Харальд прикрыл глаза. Легенда. Обрывки истории, которую они с сестрой вычитали в одной старой книге. Может, написанное даже было правдой, той частью истории, которую никто никогда не узнает.
– Когда-то люди верили в существ, обладающих огромной силой, способной менять мир и судьбы. Они называли их богами. В то время у людей иногда рождались дети, наделённые особым даром, говорили, что они могут видеть правду мира. На самом деле, они могли видеть то, чего не видел никто другой, и чувствовать ложь. Их называли Детьми Богов или Видящими.
– Таких детей ведь искали? Кем они становились? – история захватила мальчика. Харальд редко ему что-то рассказывал, они вообще редко разговаривали.
– Каждый из них выбирал свой путь сам. Они не были мудрее или сильнее, они тоже ошибались. Но они рождались с открытыми глазами, – Харальд усмехнулся, – так было написано в книге. Я и сам не очень понимаю, что это означает.
– Они и сейчас есть?
– Дети Богов? Нет. Потому что боги умерли. Изменилась правда мира. И пришли другие.
– Но разве правда мира может измениться?
– Правда мира рождается из правды людей, а она как раз может измениться. Тем, кто пришёл после богов, не надо было даже уничтожать Видящих. Они уничтожили себя сами.
– Уничтожили? Боги умерли, и их дар стали считать опасным, да?
– Да. Мир изменился, и им больше не было в нём места, – Харальд положил ладони на руки юноши, – ничего с этим не поделаешь, пока правда немногих не изменит правду всех, мир останется прежним. Сколько бы ни старались всякие повстанцы и фанатики, пока их идеи не найдут отклик в сердцах людей, все их попытки будут обречены на провал. Бессмысленно отрицать мир, в котором живёшь. Можно лишь принять его, вписаться в его рамки и оставить немного для себя.
– Оставить для себя? – Дэнель развернул руки ладонями вверх.
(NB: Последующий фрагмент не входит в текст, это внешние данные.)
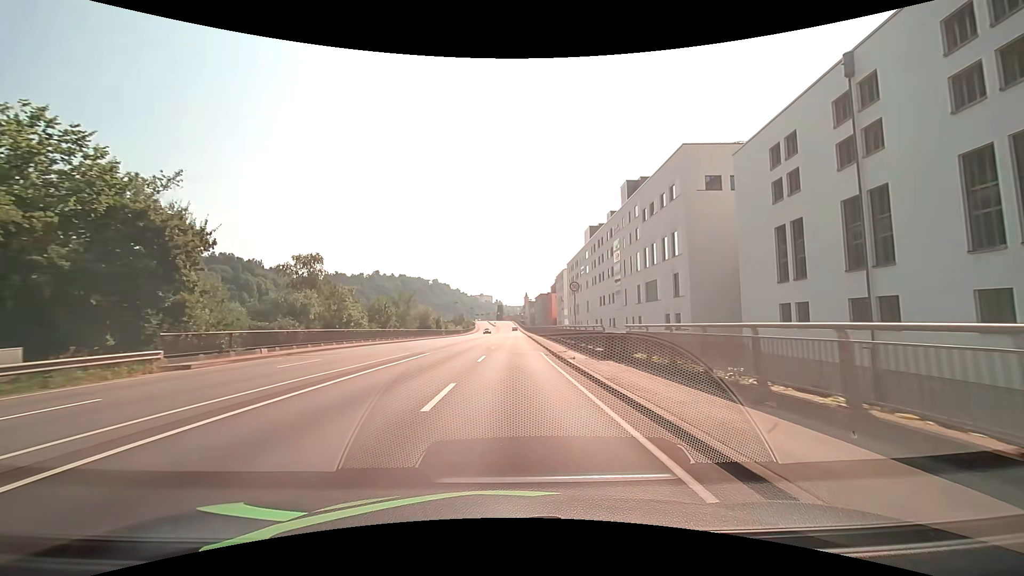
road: primary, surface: asphalt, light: Day
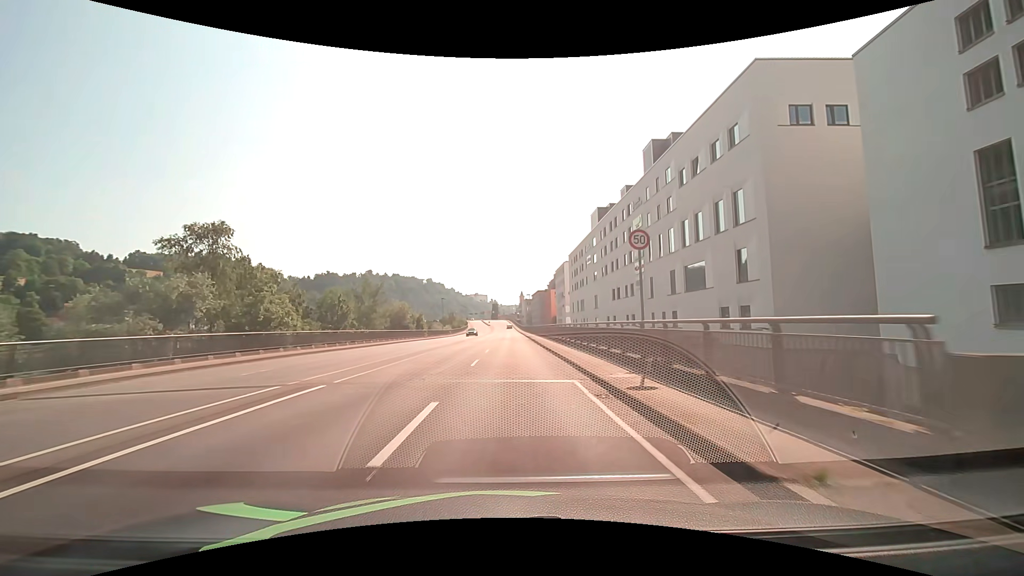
(+0.1, +15.2) m; +1°
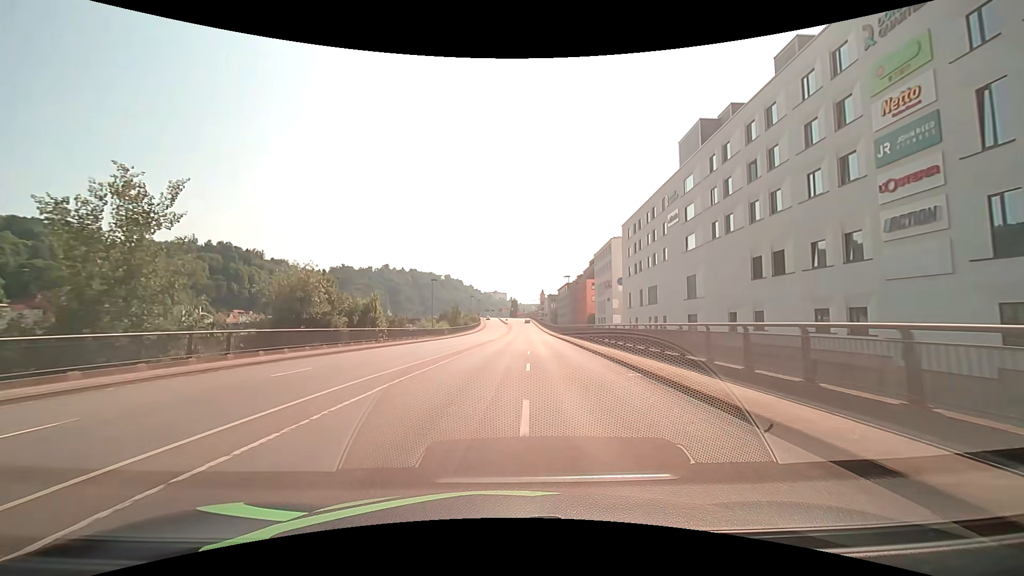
(-1.0, +37.9) m; -2°
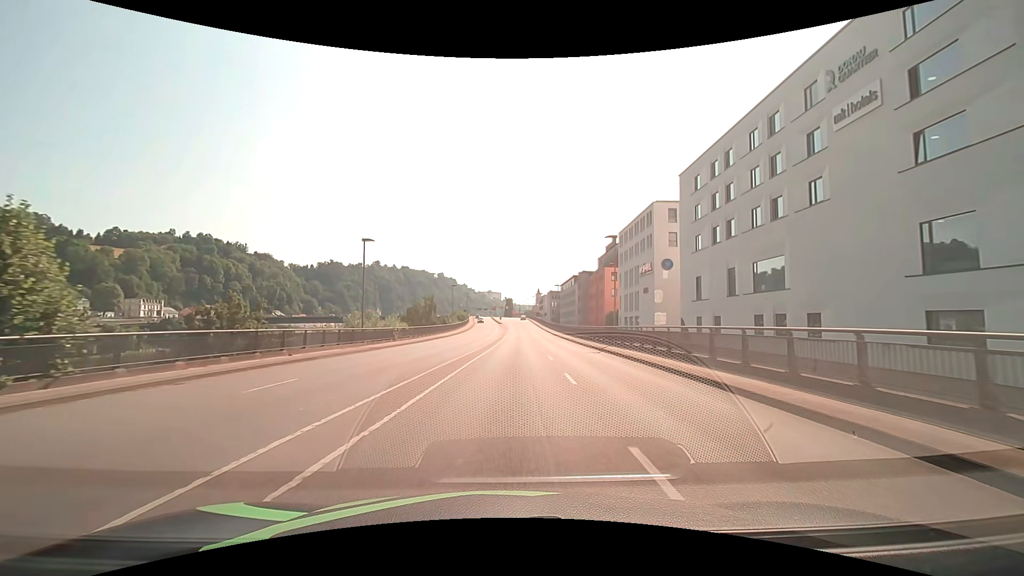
(+0.1, +30.5) m; +1°
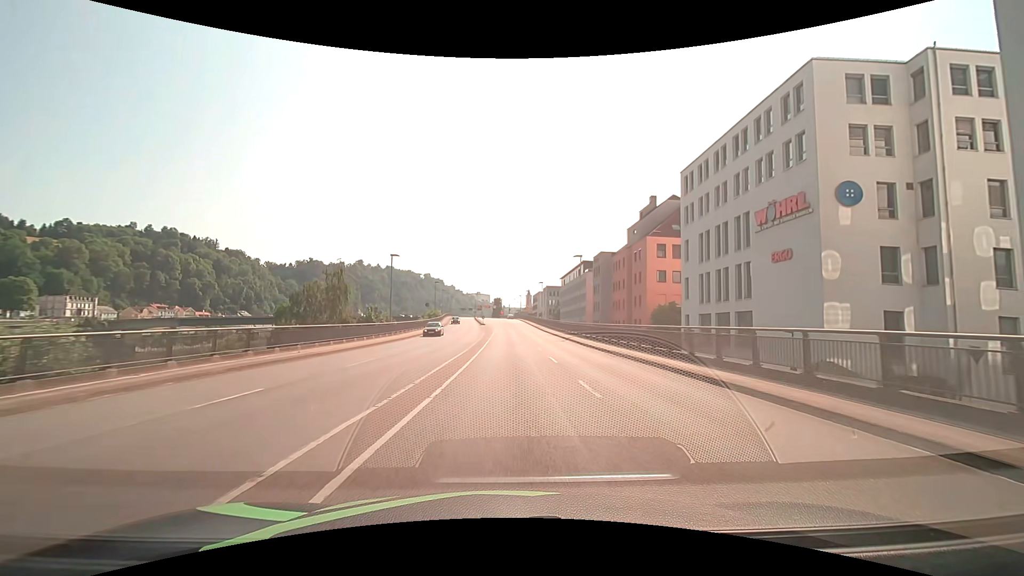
(+0.4, +38.2) m; +1°
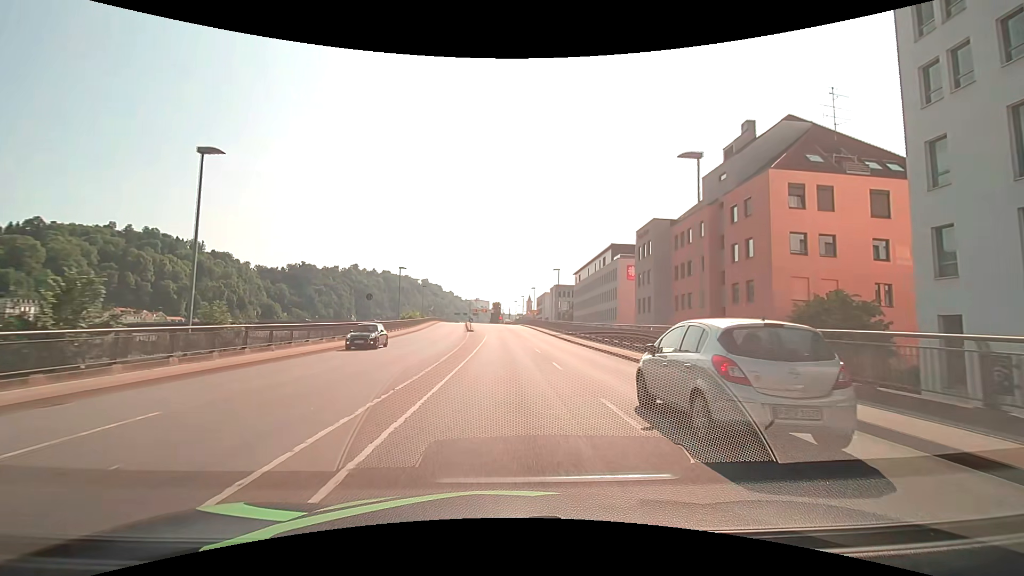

– Немного огня, немного правды, которая ничего не может изменить, немного веры. Ладно. Давай спать, завтра будет тяжёлый день. По крайней мере, у меня.
3
Солнце ещё не встало. Утренний туман скрадывал очертания флайеров. Навязчивый мелкий дождь размывал дальний конец посадочной площадки, чахлые деревья и машины. Сырость забиралась за воротник кожаного плаща. Харальд поёжился и поднял голову. Он старался рассмотреть среди низких туч серебристый проблеск фюзеляжа. Флайер, на котором должны были прилететь остальные братья и сёстры, задерживался уже на десять минут – необычно для Империи. Вспомнилась задержка поезда Гринхильды. Чем только занимается Третье Управление Имперской службы безопасности? Если, конечно, это опять террористы. В мирную тишину раннего утра вторгся посторонний звук. Низкий вибрирующий гул нарастал где-то вверху, отражался от земли, резонировал в костях, давил на уши. Вслед за ним из низких облаков показался серебристый нос флайера. Он нырнул вниз, заходя на посадку, бесшумную, почти вертикальную. Отливающие металлом ножки царапнули гладкое покрытие посадочного поля, гудение смолкло, с лёгким скрежетом выдвинулся трап. Харальд направился к флайеру. Рядом шагали Рихтер и Гринхильда. Отец не пожелал ехать, а Адель плохо себя чувствовала, поэтому они были втроём, не считая Карла, стоявшего у длинного чёрного автомобиля.
Первым в проёме двери показался Генрих. Форма офицера Штаба Канцлера сидела на нём просто идеально. Как и дорогое платье на Карин, его спутнице, тщательно выбранной отцом. Оба так и лучатся самодовольством. Вслед за ними на трап ступила Гердрун, улыбающаяся, счастливая. Как же она ещё молода и наивна. Почему-то Харальду стал неприятен её жених, кем бы он ни был. Гера чуть не споткнулась, едва успев ухватиться за поручни. Из-за этой своей неуклюжести Гердрун всегда казалась милой и беззащитной. За невестой по трапу спускались Марго с Готфридом. Яркая красавица с потрясающей фигурой, жёсткая и сильная, резкая и независима, Маргарита всегда отличалась от сестёр – Геры и Адель. Ей никогда не нравился Харальд, хотя она его и терпела. Он не знал, в чём причина, просто привык к этому. Готфрид был руководителем Отдела координации Третьего Управления Имперской службы безопасности, надо будет узнать у него, почему так распоясались террористы. Последними вышли Герхарт и Гельмут. Старший из братьев в новенькой форме оберлейтенанта, северная модель, младший – ещё кадет, совсем мальчишка. Оба улыбались и пытались разглядеть в тумане встречающих.